Knee injuries, especially tears of the anterior cruciate ligament, are becoming more common in female athletes. Interest in women’s athletics at the college and professional level has changed the face of sports.
Greater participation has heightened appreciation of health and medical issues specific to the female athlete. Studies comparing male to female susceptibility to injury of the anterior cruciate ligament have shown women to have considerably higher rate of injury.
The National Collegiate Athletic Association (NCAA) has gathered statistics over a three year period in the early 90s showing that women suffered anterior cruciate ligament injuries more often than men, nearly 4 times as often in basketball, 3 times as often in gymnastics, and nearly 2 and a half times as often in soccer. Orthopedic doctors, physical therapists and athletic trainers are concerned and have suggested many reasons so many more women tear their ACL.
The anterior and posterior cruciate ligaments cross each other and are the primary stabilizers of the knee (Fig. A).
Together they maintain the rotary stability of the knee and prevent the lower leg (tibia) from moving either too far forward or backward on the upper portion (femur) of the leg at the knee.
The posterior cruciate ligament (PCL) is the larger of the two ligaments which may be part of the reason why the anterior cruciate ligament (ACL) in general, is torn more often.
Many factors have been discussed as the source of women’s tendency to tear their ACL more often. Some are based on anatomical realities such as a narrower femoral notch, increased Q angle, increased ligamentous laxity, inadequate strength, and impaired neuromuscular coordination.
Extrinsic factors such as techniques and skill of the player, improper shoe wear, and the playing surface may also contribute to injury rates.
A narrower femoral notch (the space at the bottom of the femur through which the ACL runs) in women is being suggested as a culprit in ACL injuries (Fig. A).
The tight fit may cause a “shearing” effect on the ACL by the femur.
The Q angle is a measure of the angle between the quadriceps muscle on the front of the thigh and the patellar tendon at the knee (Fig. B).
This angle is greater in the female due to her wider pelvis. Therefore, a women’s knee is made with a naturally greater angle (Fig. C) between the femur and the tibia predisposing it to greater stress. And further, aggravating the tendency to injure the knee is the more pronated or flattened foot that is created by the increased Q angle.
Strength training for women is critical with an emphasis on being in shape before they play their sport. Women tend to be generally more flexible than men, but a program that consists of strengthening and stretching is essential for all athletes involved in sports.
Non-competitive balance and agility training may enhance proprioceptive function and help to reduce the rate of injury as well.
Boys have historically been trained from an early age to use their body in sports activities. Their training includes footwork drills, eye-hand coordination skills, catching and throwing balls which develop their neuromuscular systems. Girls are not exposed to this early motor learning at a young age, putting them at a distinct disadvantage when they decide to get involved in sports in high school.
Especially if they want to play competitively where there is a higher level of play and greater stress on their body. More and more colleges have developed new teams for women, but this brings players with less experience into athletics. It is essential for girls to receive training early, to play competitively later.

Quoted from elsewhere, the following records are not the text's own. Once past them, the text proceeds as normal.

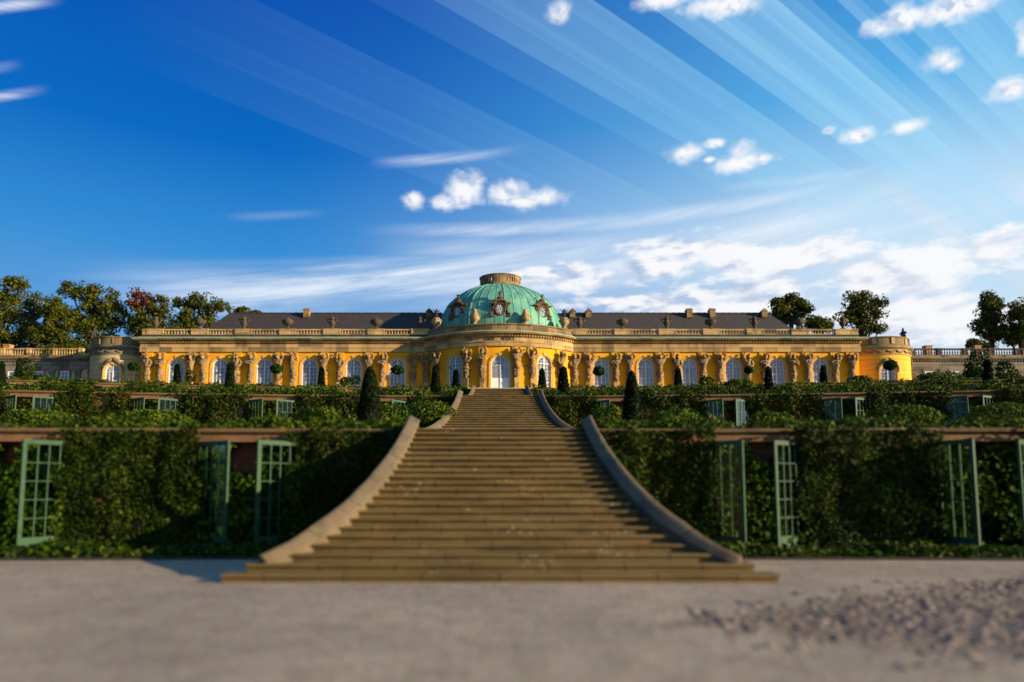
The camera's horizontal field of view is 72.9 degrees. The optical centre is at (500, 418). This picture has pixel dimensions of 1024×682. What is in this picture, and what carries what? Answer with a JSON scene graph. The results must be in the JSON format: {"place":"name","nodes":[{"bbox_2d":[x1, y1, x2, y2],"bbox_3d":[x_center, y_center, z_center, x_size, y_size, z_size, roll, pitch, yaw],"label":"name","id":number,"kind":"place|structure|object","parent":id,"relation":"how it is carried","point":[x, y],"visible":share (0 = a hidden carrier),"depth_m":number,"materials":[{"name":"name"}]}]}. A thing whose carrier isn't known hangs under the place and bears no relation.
{"place":"outdoors","nodes":[
{"label":"outdoors","id":0,"kind":"place"},
{"bbox_2d":[0,344,89,379],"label":"side wing","id":1,"kind":"structure","parent":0,"point":[66,366],"depth_m":89.00,"materials":[{"name":"beige stone"}]},
{"bbox_2d":[87,273,913,387],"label":"palace","id":2,"kind":"structure","parent":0,"point":[499,344],"depth_m":82.38,"materials":[{"name":"yellow paint"}]},
{"bbox_2d":[101,357,123,382],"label":"window","id":3,"kind":"structure","parent":2,"relation":"in","point":[113,372],"depth_m":83.17,"materials":[{"name":"white glass"}]},
{"bbox_2d":[165,356,185,382],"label":"window","id":4,"kind":"structure","parent":2,"relation":"in","point":[178,360],"depth_m":82.44,"materials":[{"name":"glass"}]},
{"bbox_2d":[209,356,228,383],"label":"window","id":5,"kind":"structure","parent":2,"relation":"in","point":[219,366],"depth_m":82.48,"materials":[{"name":"glass"}]},
{"bbox_2d":[255,356,273,386],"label":"window","id":6,"kind":"structure","parent":2,"relation":"in","point":[264,375],"depth_m":82.46,"materials":[{"name":"white paint"}]},
{"bbox_2d":[299,356,318,386],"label":"window","id":7,"kind":"structure","parent":2,"relation":"in","point":[309,369],"depth_m":82.45,"materials":[{"name":"white paint"}]},
{"bbox_2d":[344,356,363,386],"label":"window","id":8,"kind":"structure","parent":2,"relation":"in","point":[355,366],"depth_m":82.50,"materials":[{"name":"white paint"}]},
{"bbox_2d":[387,356,406,387],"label":"window","id":9,"kind":"structure","parent":2,"relation":"in","point":[402,378],"depth_m":82.42,"materials":[{"name":"white paint"}]},
{"bbox_2d":[446,353,462,386],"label":"window","id":10,"kind":"structure","parent":2,"relation":"in","point":[456,362],"depth_m":80.14,"materials":[{"name":"glass"}]},
{"bbox_2d":[489,353,511,387],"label":"door","id":11,"kind":"structure","parent":2,"relation":"in","point":[499,367],"depth_m":78.78,"materials":[{"name":"white paint"}]},
{"bbox_2d":[536,353,552,387],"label":"window","id":12,"kind":"structure","parent":2,"relation":"in","point":[542,361],"depth_m":80.07,"materials":[{"name":"white glass"}]},
{"bbox_2d":[592,356,611,387],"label":"window","id":13,"kind":"structure","parent":2,"relation":"in","point":[602,361],"depth_m":82.42,"materials":[{"name":"white paint"}]},
{"bbox_2d":[636,356,655,386],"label":"window","id":14,"kind":"structure","parent":2,"relation":"in","point":[644,366],"depth_m":82.44,"materials":[{"name":"white paint"}]},
{"bbox_2d":[680,356,698,386],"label":"window","id":15,"kind":"structure","parent":2,"relation":"in","point":[689,370],"depth_m":82.48,"materials":[{"name":"white paint"}]},
{"bbox_2d":[723,356,742,386],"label":"window","id":16,"kind":"structure","parent":2,"relation":"in","point":[732,369],"depth_m":82.48,"materials":[{"name":"white paint"}]},
{"bbox_2d":[768,356,787,384],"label":"window","id":17,"kind":"structure","parent":2,"relation":"in","point":[777,366],"depth_m":82.48,"materials":[{"name":"white paint"}]},
{"bbox_2d":[811,356,831,383],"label":"window","id":18,"kind":"structure","parent":2,"relation":"in","point":[817,362],"depth_m":82.46,"materials":[{"name":"white glass"}]},
{"bbox_2d":[876,357,899,381],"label":"window","id":19,"kind":"structure","parent":2,"relation":"in","point":[883,374],"depth_m":83.17,"materials":[{"name":"glass"}]},
{"bbox_2d":[0,560,1023,681],"bbox_3d":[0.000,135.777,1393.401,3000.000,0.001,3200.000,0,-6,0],"label":"ground","id":20,"kind":"structure","parent":0,"point":[130,621],"depth_m":7.79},
{"bbox_2d":[0,547,262,560],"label":"planting bed","id":21,"kind":"object","parent":20,"relation":"on","point":[209,557],"visible":0.29,"depth_m":15.05,"materials":[{"name":"green plant"}]},
{"bbox_2d":[0,443,76,545],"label":"fig bush","id":22,"kind":"object","parent":21,"relation":"on","point":[9,497],"visible":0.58,"depth_m":17.40,"materials":[{"name":"green plant"}]},
{"bbox_2d":[0,539,286,557],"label":"border plants","id":23,"kind":"object","parent":21,"relation":"on","point":[59,549],"visible":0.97,"depth_m":15.56,"materials":[{"name":"green plant"}]},
{"bbox_2d":[183,443,303,545],"bbox_3d":[-6.451,1.980,17.751,2.885,2.840,1.271,0,-6,0],"label":"fig bush","id":24,"kind":"object","parent":21,"relation":"on","point":[242,486],"visible":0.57,"depth_m":17.61,"materials":[{"name":"green plant"}]},
{"bbox_2d":[0,428,398,546],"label":"retaining wall","id":25,"kind":"structure","parent":20,"relation":"on","point":[249,451],"depth_m":17.69,"materials":[{"name":"red brick"}]},
{"bbox_2d":[15,439,75,546],"bbox_3d":[-11.158,1.875,17.051,0.060,2.695,1.270,-3,-6,26],"label":"glazed door","id":26,"kind":"structure","parent":25,"relation":"in","point":[20,541],"depth_m":16.75,"materials":[{"name":"green paint"}]},
{"bbox_2d":[43,425,207,547],"bbox_3d":[-9.332,1.727,17.383,3.841,3.198,0.671,0,-6,-2],"label":"climbing vine","id":27,"kind":"object","parent":25,"relation":"attached to","point":[147,485],"visible":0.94,"depth_m":17.40,"materials":[{"name":"green plant"}]},
{"bbox_2d":[0,411,402,428],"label":"vine hedge","id":28,"kind":"object","parent":25,"relation":"on","point":[251,423],"visible":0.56,"depth_m":18.40,"materials":[{"name":"green plant"}]},
{"bbox_2d":[193,440,229,545],"bbox_3d":[-7.253,1.909,17.397,1.270,2.695,0.060,-3,-6,32],"label":"glazed door","id":29,"kind":"structure","parent":25,"relation":"in","point":[218,539],"depth_m":17.24,"materials":[{"name":"green paint"}]},
{"bbox_2d":[254,440,302,543],"bbox_3d":[-5.523,1.901,17.323,0.060,2.695,1.270,-5,-7,40],"label":"glazed door","id":30,"kind":"structure","parent":25,"relation":"in","point":[268,538],"depth_m":17.07,"materials":[{"name":"green paint"}]},
{"bbox_2d":[281,425,402,541],"bbox_3d":[-3.827,1.726,17.460,3.317,3.212,0.829,0,-6,0],"label":"climbing vine","id":31,"kind":"object","parent":25,"relation":"attached to","point":[315,450],"visible":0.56,"depth_m":17.57,"materials":[{"name":"green plant"}]},
{"bbox_2d":[220,415,779,582],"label":"stone staircase","id":32,"kind":"structure","parent":20,"relation":"on","point":[531,505],"depth_m":12.97,"materials":[{"name":"brown stone"}]},
{"bbox_2d":[598,428,1023,548],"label":"retaining wall","id":33,"kind":"structure","parent":20,"relation":"on","point":[766,444],"depth_m":17.67,"materials":[{"name":"red brick"}]},
{"bbox_2d":[599,424,718,538],"bbox_3d":[3.817,1.733,17.521,3.336,3.210,0.714,0,-6,0],"label":"climbing vine","id":34,"kind":"object","parent":33,"relation":"attached to","point":[687,451],"visible":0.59,"depth_m":17.60,"materials":[{"name":"green plant"}]},
{"bbox_2d":[697,440,746,545],"bbox_3d":[5.523,1.901,17.323,0.060,2.695,1.270,5,-7,-40],"label":"glazed door","id":35,"kind":"structure","parent":33,"relation":"in","point":[731,538],"depth_m":17.07,"materials":[{"name":"green paint"}]},
{"bbox_2d":[772,440,807,548],"bbox_3d":[7.271,1.906,17.370,1.270,2.695,0.060,4,-7,-35],"label":"glazed door","id":36,"kind":"structure","parent":33,"relation":"in","point":[780,539],"depth_m":17.23,"materials":[{"name":"green paint"}]},
{"bbox_2d":[598,410,1023,428],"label":"vine hedge","id":37,"kind":"object","parent":33,"relation":"on","point":[850,421],"visible":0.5,"depth_m":18.38,"materials":[{"name":"green plant"}]},
{"bbox_2d":[790,423,957,548],"bbox_3d":[9.331,1.714,17.369,3.833,3.219,0.794,0,-6,0],"label":"climbing vine","id":38,"kind":"object","parent":33,"relation":"attached to","point":[833,480],"visible":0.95,"depth_m":17.40,"materials":[{"name":"green plant"}]},
{"bbox_2d":[925,439,980,545],"bbox_3d":[11.087,1.872,17.022,0.060,2.695,1.270,2,-6,-19],"label":"glazed door","id":39,"kind":"structure","parent":33,"relation":"in","point":[955,540],"depth_m":16.73,"materials":[{"name":"green paint"}]},
{"bbox_2d":[1016,439,1023,545],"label":"glazed door","id":40,"kind":"structure","parent":33,"relation":"in","point":[1019,442],"depth_m":16.76,"materials":[{"name":"green paint"}]},
{"bbox_2d":[684,579,1023,669],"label":"loose stones","id":41,"kind":"object","parent":20,"relation":"on","point":[952,638],"visible":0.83,"depth_m":8.26,"materials":[{"name":"grey gravel"}]},
{"bbox_2d":[735,547,1023,560],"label":"planting bed","id":42,"kind":"object","parent":20,"relation":"on","point":[977,558],"visible":0.31,"depth_m":15.05,"materials":[{"name":"green plant"}]},
{"bbox_2d":[698,442,817,547],"bbox_3d":[6.452,1.982,17.752,2.882,2.821,1.259,0,-6,0],"label":"fig bush","id":43,"kind":"object","parent":42,"relation":"on","point":[757,513],"visible":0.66,"depth_m":17.63,"materials":[{"name":"green plant"}]},
{"bbox_2d":[713,539,1023,557],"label":"border plants","id":44,"kind":"object","parent":42,"relation":"on","point":[878,548],"visible":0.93,"depth_m":15.56,"materials":[{"name":"green plant"}]},
{"bbox_2d":[926,442,1023,546],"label":"fig bush","id":45,"kind":"object","parent":42,"relation":"on","point":[1007,516],"visible":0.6,"depth_m":17.49,"materials":[{"name":"green plant"}]},
{"bbox_2d":[0,0,1023,354],"label":"sky","id":46,"kind":"structure","parent":0,"point":[268,156],"materials":[{"name":"blue"}]},
{"bbox_2d":[469,388,588,388],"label":"forecourt","id":47,"kind":"structure","parent":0,"point":[503,388],"depth_m":77.83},
{"bbox_2d":[0,275,35,354],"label":"tree","id":48,"kind":"object","parent":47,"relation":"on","point":[9,301],"visible":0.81,"depth_m":109.67,"materials":[{"name":"green plant"}]},
{"bbox_2d":[17,290,47,354],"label":"tree","id":49,"kind":"object","parent":47,"relation":"on","point":[31,314],"visible":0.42,"depth_m":115.61,"materials":[{"name":"green plant"}]},
{"bbox_2d":[26,293,85,354],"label":"tree","id":50,"kind":"object","parent":47,"relation":"on","point":[55,328],"visible":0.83,"depth_m":107.05,"materials":[{"name":"green plant"}]},
{"bbox_2d":[56,280,132,354],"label":"tree","id":51,"kind":"object","parent":47,"relation":"on","point":[98,319],"visible":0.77,"depth_m":111.10,"materials":[{"name":"green plant"}]},
{"bbox_2d":[123,285,175,336],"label":"tree","id":52,"kind":"object","parent":47,"relation":"on","point":[137,321],"visible":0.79,"depth_m":110.19,"materials":[{"name":"green plant"}]},
{"bbox_2d":[161,291,230,333],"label":"tree","id":53,"kind":"object","parent":47,"relation":"on","point":[187,317],"visible":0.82,"depth_m":113.37,"materials":[{"name":"green plant"}]},
{"bbox_2d":[766,291,815,328],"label":"tree","id":54,"kind":"object","parent":47,"relation":"on","point":[793,304],"visible":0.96,"depth_m":109.44,"materials":[{"name":"green plant"}]},
{"bbox_2d":[800,314,834,333],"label":"tree","id":55,"kind":"object","parent":47,"relation":"on","point":[819,322],"visible":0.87,"depth_m":112.91,"materials":[{"name":"green plant"}]},
{"bbox_2d":[832,289,889,336],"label":"tree","id":56,"kind":"object","parent":47,"relation":"on","point":[856,313],"visible":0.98,"depth_m":105.31,"materials":[{"name":"green plant"}]},
{"bbox_2d":[965,338,998,353],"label":"tree","id":57,"kind":"object","parent":47,"relation":"on","point":[973,342],"visible":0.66,"depth_m":112.88,"materials":[{"name":"green plant"}]},
{"bbox_2d":[967,289,1007,350],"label":"tree","id":58,"kind":"object","parent":47,"relation":"on","point":[991,306],"visible":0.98,"depth_m":107.41,"materials":[{"name":"green plant"}]},
{"bbox_2d":[990,297,1023,354],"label":"tree","id":59,"kind":"object","parent":47,"relation":"on","point":[1012,334],"visible":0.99,"depth_m":105.39,"materials":[{"name":"green plant"}]},
{"bbox_2d":[911,345,1023,379],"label":"side wing","id":60,"kind":"structure","parent":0,"point":[929,361],"depth_m":89.03,"materials":[{"name":"beige stone"}]},
{"label":"terrace","id":61,"kind":"structure","parent":0,"visible":0},
{"bbox_2d":[5,398,57,426],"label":"glass door","id":62,"kind":"structure","parent":61,"relation":"on","point":[27,402],"depth_m":36.97,"materials":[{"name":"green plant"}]},
{"bbox_2d":[0,407,73,426],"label":"vine bush","id":63,"kind":"object","parent":61,"relation":"on","point":[40,413],"visible":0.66,"depth_m":27.52,"materials":[{"name":"green plant"}]},
{"bbox_2d":[121,408,190,426],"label":"vine bush","id":64,"kind":"object","parent":61,"relation":"on","point":[148,414],"visible":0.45,"depth_m":27.48,"materials":[{"name":"green plant"}]},
{"bbox_2d":[132,399,179,412],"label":"glass door","id":65,"kind":"structure","parent":61,"relation":"on","point":[155,403],"depth_m":37.88,"materials":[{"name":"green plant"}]},
{"bbox_2d":[0,390,455,427],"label":"retaining wall","id":66,"kind":"structure","parent":61,"relation":"on","point":[17,396],"depth_m":37.85,"materials":[{"name":"red brick"}]},
{"bbox_2d":[54,389,133,422],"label":"climbing vine","id":67,"kind":"object","parent":66,"relation":"attached to","point":[114,399],"visible":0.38,"depth_m":37.10,"materials":[{"name":"green plant"}]},
{"bbox_2d":[173,390,254,424],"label":"climbing vine","id":68,"kind":"object","parent":66,"relation":"attached to","point":[196,411],"visible":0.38,"depth_m":37.86,"materials":[{"name":"green plant"}]},
{"bbox_2d":[289,392,359,427],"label":"climbing vine","id":69,"kind":"object","parent":66,"relation":"attached to","point":[325,403],"visible":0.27,"depth_m":38.38,"materials":[{"name":"green plant"}]},
{"bbox_2d":[406,393,455,424],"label":"climbing vine","id":70,"kind":"object","parent":66,"relation":"attached to","point":[424,398],"visible":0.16,"depth_m":38.68,"materials":[{"name":"green plant"}]},
{"bbox_2d":[250,401,297,428],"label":"glass door","id":71,"kind":"structure","parent":61,"relation":"on","point":[265,411],"depth_m":38.47,"materials":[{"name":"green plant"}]},
{"bbox_2d":[293,406,344,422],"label":"vine bush","id":72,"kind":"object","parent":61,"relation":"on","point":[321,412],"visible":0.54,"depth_m":28.62,"materials":[{"name":"green plant"}]},
{"bbox_2d":[355,366,381,424],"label":"yew topiary","id":73,"kind":"object","parent":61,"relation":"on","point":[368,406],"visible":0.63,"depth_m":26.93,"materials":[{"name":"green plant"}]},
{"bbox_2d":[380,403,413,426],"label":"vine bush","id":74,"kind":"object","parent":61,"relation":"on","point":[401,411],"visible":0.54,"depth_m":29.79,"materials":[{"name":"green plant"}]},
{"bbox_2d":[402,399,457,427],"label":"vine bush","id":75,"kind":"object","parent":61,"relation":"on","point":[428,420],"visible":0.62,"depth_m":35.44,"materials":[{"name":"green plant"}]},
{"bbox_2d":[426,389,574,428],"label":"stone staircase","id":76,"kind":"structure","parent":61,"relation":"on","point":[504,411],"depth_m":36.16,"materials":[{"name":"brown stone"}]},
{"bbox_2d":[589,404,621,427],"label":"vine bush","id":77,"kind":"object","parent":61,"relation":"on","point":[608,411],"visible":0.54,"depth_m":29.79,"materials":[{"name":"green plant"}]},
{"bbox_2d":[621,370,643,422],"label":"yew topiary","id":78,"kind":"object","parent":61,"relation":"on","point":[631,408],"visible":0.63,"depth_m":26.99,"materials":[{"name":"green plant"}]},
{"bbox_2d":[653,406,701,428],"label":"vine bush","id":79,"kind":"object","parent":61,"relation":"on","point":[682,412],"visible":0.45,"depth_m":28.67,"materials":[{"name":"green plant"}]},
{"bbox_2d":[703,401,750,425],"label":"door","id":80,"kind":"structure","parent":61,"relation":"on","point":[730,407],"depth_m":38.51,"materials":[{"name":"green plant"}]},
{"bbox_2d":[749,410,793,427],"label":"vine bush","id":81,"kind":"object","parent":61,"relation":"on","point":[765,415],"visible":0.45,"depth_m":27.75,"materials":[{"name":"green plant"}]},
{"bbox_2d":[545,389,1023,427],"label":"retaining wall","id":82,"kind":"structure","parent":61,"relation":"on","point":[962,395],"depth_m":38.02,"materials":[{"name":"red brick"}]},
{"bbox_2d":[544,393,598,427],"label":"climbing vine","id":83,"kind":"object","parent":82,"relation":"attached to","point":[584,409],"visible":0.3,"depth_m":38.62,"materials":[{"name":"green plant"}]},
{"bbox_2d":[640,392,710,421],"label":"climbing vine","id":84,"kind":"object","parent":82,"relation":"attached to","point":[688,402],"visible":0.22,"depth_m":38.44,"materials":[{"name":"green plant"}]},
{"bbox_2d":[735,399,752,425],"bbox_3d":[13.377,0.598,37.922,1.270,3.309,0.060,3,-6,-27],"label":"glazed door","id":85,"kind":"structure","parent":82,"relation":"in","point":[741,400],"depth_m":37.90,"materials":[{"name":"green paint"}]},
{"bbox_2d":[746,391,830,424],"bbox_3d":[15.684,0.374,37.675,4.357,3.899,0.913,-1,-6,5],"label":"climbing vine","id":86,"kind":"object","parent":82,"relation":"attached to","point":[788,397],"visible":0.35,"depth_m":37.85,"materials":[{"name":"green plant"}]},
{"bbox_2d":[865,388,953,424],"bbox_3d":[21.833,0.323,36.908,4.306,3.899,0.917,-1,-6,6],"label":"climbing vine","id":87,"kind":"object","parent":82,"relation":"attached to","point":[895,395],"visible":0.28,"depth_m":37.13,"materials":[{"name":"green plant"}]},
{"bbox_2d":[995,387,1023,413],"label":"climbing vine","id":88,"kind":"object","parent":82,"relation":"attached to","point":[1001,395],"visible":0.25,"depth_m":36.30,"materials":[{"name":"green plant"}]},
{"bbox_2d":[817,399,868,420],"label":"door","id":89,"kind":"structure","parent":61,"relation":"on","point":[847,406],"depth_m":37.85,"materials":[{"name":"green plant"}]},
{"bbox_2d":[861,404,946,423],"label":"vine bush","id":90,"kind":"object","parent":61,"relation":"on","point":[912,413],"visible":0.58,"depth_m":27.32,"materials":[{"name":"green plant"}]},
{"bbox_2d":[945,398,991,422],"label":"door","id":91,"kind":"structure","parent":61,"relation":"on","point":[975,402],"depth_m":36.92,"materials":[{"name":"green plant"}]},
{"bbox_2d":[962,401,1023,422],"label":"vine bush","id":92,"kind":"object","parent":61,"relation":"on","point":[985,410],"visible":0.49,"depth_m":27.62,"materials":[{"name":"green plant"}]},
{"label":"terrace","id":93,"kind":"structure","parent":0,"visible":0},
{"bbox_2d":[0,378,452,394],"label":"vine hedge","id":94,"kind":"object","parent":93,"relation":"on","point":[181,389],"visible":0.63,"depth_m":38.88,"materials":[{"name":"green plant"}]},
{"bbox_2d":[224,362,234,391],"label":"yew topiary","id":95,"kind":"object","parent":93,"relation":"on","point":[229,378],"visible":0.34,"depth_m":45.83,"materials":[{"name":"green plant"}]},
{"bbox_2d":[6,379,470,394],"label":"retaining wall","id":96,"kind":"structure","parent":93,"relation":"on","point":[109,385],"depth_m":55.70,"materials":[{"name":"green plant"}]},
{"bbox_2d":[430,365,440,394],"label":"yew topiary","id":97,"kind":"object","parent":93,"relation":"on","point":[435,387],"visible":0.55,"depth_m":45.76,"materials":[{"name":"green plant"}]},
{"bbox_2d":[468,385,531,394],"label":"stone staircase","id":98,"kind":"structure","parent":93,"relation":"on","point":[525,391],"depth_m":57.83,"materials":[{"name":"brown stone"}]},
{"bbox_2d":[557,366,569,392],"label":"yew topiary","id":99,"kind":"object","parent":93,"relation":"on","point":[563,383],"visible":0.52,"depth_m":45.72,"materials":[{"name":"green plant"}]},
{"bbox_2d":[763,366,774,392],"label":"yew topiary","id":100,"kind":"object","parent":93,"relation":"on","point":[768,383],"visible":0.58,"depth_m":45.79,"materials":[{"name":"green plant"}]},
{"bbox_2d":[532,378,1023,394],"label":"retaining wall","id":101,"kind":"structure","parent":93,"relation":"on","point":[797,386],"depth_m":56.10,"materials":[{"name":"green plant"}]},
{"bbox_2d":[547,378,1023,394],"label":"vine hedge","id":102,"kind":"object","parent":93,"relation":"on","point":[861,388],"visible":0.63,"depth_m":38.78,"materials":[{"name":"green plant"}]},
{"bbox_2d":[983,359,995,389],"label":"yew topiary","id":103,"kind":"object","parent":93,"relation":"on","point":[987,370],"visible":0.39,"depth_m":45.86,"materials":[{"name":"green plant"}]},
{"label":"terrace","id":104,"kind":"structure","parent":0,"visible":0},
{"bbox_2d":[13,357,36,378],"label":"shrub","id":105,"kind":"object","parent":104,"relation":"on","point":[23,370],"visible":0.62,"depth_m":64.44,"materials":[{"name":"green plant"}]},
{"bbox_2d":[5,375,468,388],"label":"vine hedge","id":106,"kind":"object","parent":104,"relation":"on","point":[350,385],"visible":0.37,"depth_m":57.55,"materials":[{"name":"green plant"}]},
{"bbox_2d":[723,378,754,387],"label":"shrub","id":107,"kind":"object","parent":104,"relation":"on","point":[743,382],"visible":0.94,"depth_m":55.91,"materials":[{"name":"green plant"}]},
{"bbox_2d":[531,371,1023,388],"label":"vine hedge","id":108,"kind":"object","parent":104,"relation":"on","point":[946,377],"visible":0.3,"depth_m":57.20,"materials":[{"name":"green plant"}]},
{"bbox_2d":[914,371,962,380],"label":"shrub","id":109,"kind":"object","parent":104,"relation":"on","point":[929,376],"visible":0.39,"depth_m":57.16,"materials":[{"name":"green plant"}]},
{"bbox_2d":[961,349,994,380],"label":"shrub","id":110,"kind":"object","parent":104,"relation":"on","point":[972,371],"visible":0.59,"depth_m":60.38,"materials":[{"name":"green plant"}]},
{"bbox_2d":[994,360,1017,378],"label":"shrub","id":111,"kind":"object","parent":104,"relation":"on","point":[998,368],"visible":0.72,"depth_m":60.44,"materials":[{"name":"green plant"}]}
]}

Studies have shown that intensity is a factor in injury of the ACL. Injuries were seven times more likely to occur during games than practices. However, physical contact with other players appears to be unrelated in the occurrence of injury.
The ACL is most often injured with an abrupt change of direction or a jump and usually with an activity they have done many times before. The athlete will describe having “felt a pop”, swelling within a couple of hours and knowing there is something wrong with their knee. If the injury is less severe, the athlete may not know they have been injured. Over time they may describe their knee as being unpredictable, giving way sometimes or a having an unsafe feeling with rotational movements.
Years ago an ACL injury could have been an end to the career of a professional or collegiate player. In recent years, doctors have learned more about surgical techniques, while coaches and physical therapists are learning more about rehabilitation. Furthermore, rehabilitation methods have become more aggressive thus shortening the length of recovery periods.
It’s an exciting time in women’s sports! Participation in physical education for girls is essential for their development. Women should be encouraged to play, but play smart and listen to their bodies.
- A Rigorous Comparison Between the Sexes of Results and Complications After Anterior Cruciate Ligament Reconstruction. Sue Barber-Westin, Frank Noyes, MD, Michelle Andrews, MD. American Journal of Sports Medicine, Vol. 25, No. 4, 1997
- Noncontact ACL Injuries in Females. Mary Lloyd Ireland, MD. Proceedings of AOSSM Annual Meeting, 1996.
- Out of Joint. Jack McCallum. Sports Illustrated Magazine.
- Knee Injury Patterns Among Men and Women in Collegiate Basketball and Soccer. Elizabeth Arendt, MD, and Randall Dick, MS. American Journal of Sports Medicine, Vol. 23, No. 6, 1995.